=== Source data ===
=== Begin Enclosure ===

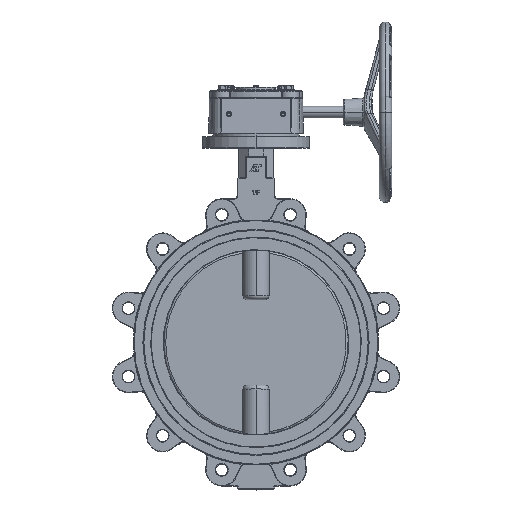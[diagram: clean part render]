
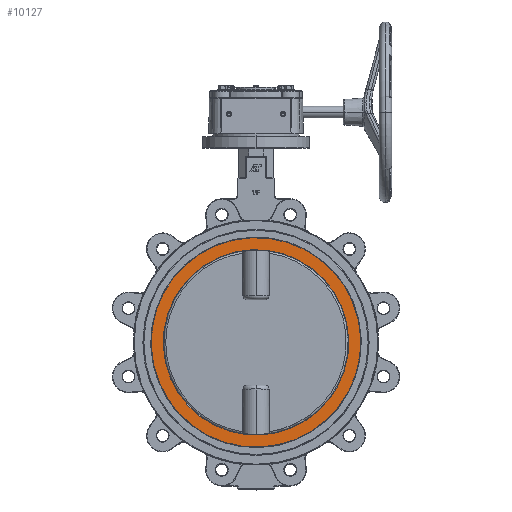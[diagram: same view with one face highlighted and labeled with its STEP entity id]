
A CAD part, top view. The second image highlights one B-rep face of the part: STEP entity #10127.
In plain terms, the highlighted planar face has unit normal (0, 0, 1).
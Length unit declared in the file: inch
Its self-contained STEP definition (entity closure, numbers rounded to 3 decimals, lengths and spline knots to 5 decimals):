
#1128 = EDGE_CURVE ( 'NONE', #40836, #43117, #51047, .T. ) ;
#1322 = ORIENTED_EDGE ( 'NONE', *, *, #2483, .T. ) ;
#2483 = EDGE_CURVE ( 'NONE', #42323, #11009, #45187, .T. ) ;
#2769 = DIRECTION ( 'NONE',  ( 1., 0., 0. ) ) ;
#3590 = AXIS2_PLACEMENT_3D ( 'NONE', #48925, #43433, #39314 ) ;
#5376 = CARTESIAN_POINT ( 'NONE',  ( 6.74175, 0., 1.61 ) ) ;
#5512 = DIRECTION ( 'NONE',  ( 0., 0., 1. ) ) ;
#6750 = AXIS2_PLACEMENT_3D ( 'NONE', #32878, #37022, #21087 ) ;
#7721 = DIRECTION ( 'NONE',  ( 1., 0., 0. ) ) ;
#10127 = ADVANCED_FACE ( 'NONE', ( #35109, #31514 ), #38958, .T. ) ;
#11009 = VERTEX_POINT ( 'NONE', #34213 ) ;
#15127 = DIRECTION ( 'NONE',  ( 0., 0., -1. ) ) ;
#15365 = CARTESIAN_POINT ( 'NONE',  ( -5.96875, 0., 1.61 ) ) ;
#15656 = AXIS2_PLACEMENT_3D ( 'NONE', #51859, #5512, #27405 ) ;
#21087 = DIRECTION ( 'NONE',  ( 1., 0., 0. ) ) ;
#21471 = ORIENTED_EDGE ( 'NONE', *, *, #36140, .T. ) ;
#21582 = CIRCLE ( 'NONE', #6750, 6.74175 ) ;
#26725 = ORIENTED_EDGE ( 'NONE', *, *, #1128, .T. ) ;
#27180 = CIRCLE ( 'NONE', #3590, 5.96875 ) ;
#27405 = DIRECTION ( 'NONE',  ( 1., 0., 0. ) ) ;
#27676 = CARTESIAN_POINT ( 'NONE',  ( 0., 0., 1.61 ) ) ;
#31514 = FACE_BOUND ( 'NONE', #34743, .T. ) ;
#32878 = CARTESIAN_POINT ( 'NONE',  ( 0., 0., 1.61 ) ) ;
#34213 = CARTESIAN_POINT ( 'NONE',  ( -6.74175, 0., 1.61 ) ) ;
#34743 = EDGE_LOOP ( 'NONE', ( #26725, #48612 ) ) ;
#35109 = FACE_OUTER_BOUND ( 'NONE', #50035, .T. ) ;
#35295 = AXIS2_PLACEMENT_3D ( 'NONE', #36248, #15127, #7721 ) ;
#35651 = DIRECTION ( 'NONE',  ( 0., 0., 1. ) ) ;
#36140 = EDGE_CURVE ( 'NONE', #11009, #42323, #21582, .T. ) ;
#36248 = CARTESIAN_POINT ( 'NONE',  ( 0., 0., 1.61 ) ) ;
#37022 = DIRECTION ( 'NONE',  ( 0., 0., 1. ) ) ;
#38958 = PLANE ( 'NONE',  #15656 ) ;
#38996 = EDGE_CURVE ( 'NONE', #43117, #40836, #27180, .T. ) ;
#39314 = DIRECTION ( 'NONE',  ( 1., 0., 0. ) ) ;
#40807 = AXIS2_PLACEMENT_3D ( 'NONE', #27676, #35651, #2769 ) ;
#40836 = VERTEX_POINT ( 'NONE', #44250 ) ;
#42323 = VERTEX_POINT ( 'NONE', #5376 ) ;
#43117 = VERTEX_POINT ( 'NONE', #15365 ) ;
#43433 = DIRECTION ( 'NONE',  ( 0., 0., -1. ) ) ;
#44250 = CARTESIAN_POINT ( 'NONE',  ( 5.96875, 0., 1.61 ) ) ;
#45187 = CIRCLE ( 'NONE', #40807, 6.74175 ) ;
#48612 = ORIENTED_EDGE ( 'NONE', *, *, #38996, .T. ) ;
#48925 = CARTESIAN_POINT ( 'NONE',  ( 0., 0., 1.61 ) ) ;
#50035 = EDGE_LOOP ( 'NONE', ( #1322, #21471 ) ) ;
#51047 = CIRCLE ( 'NONE', #35295, 5.96875 ) ;
#51859 = CARTESIAN_POINT ( 'NONE',  ( 0., 0., 1.61 ) ) ;

=== End Enclosure ===

=== Your objective ===
If a line in the entries contains "CIRCLE", copy it.

=== Expected answer ===
#21582 = CIRCLE ( 'NONE', #6750, 6.74175 ) ;
#27180 = CIRCLE ( 'NONE', #3590, 5.96875 ) ;
#45187 = CIRCLE ( 'NONE', #40807, 6.74175 ) ;
#51047 = CIRCLE ( 'NONE', #35295, 5.96875 ) ;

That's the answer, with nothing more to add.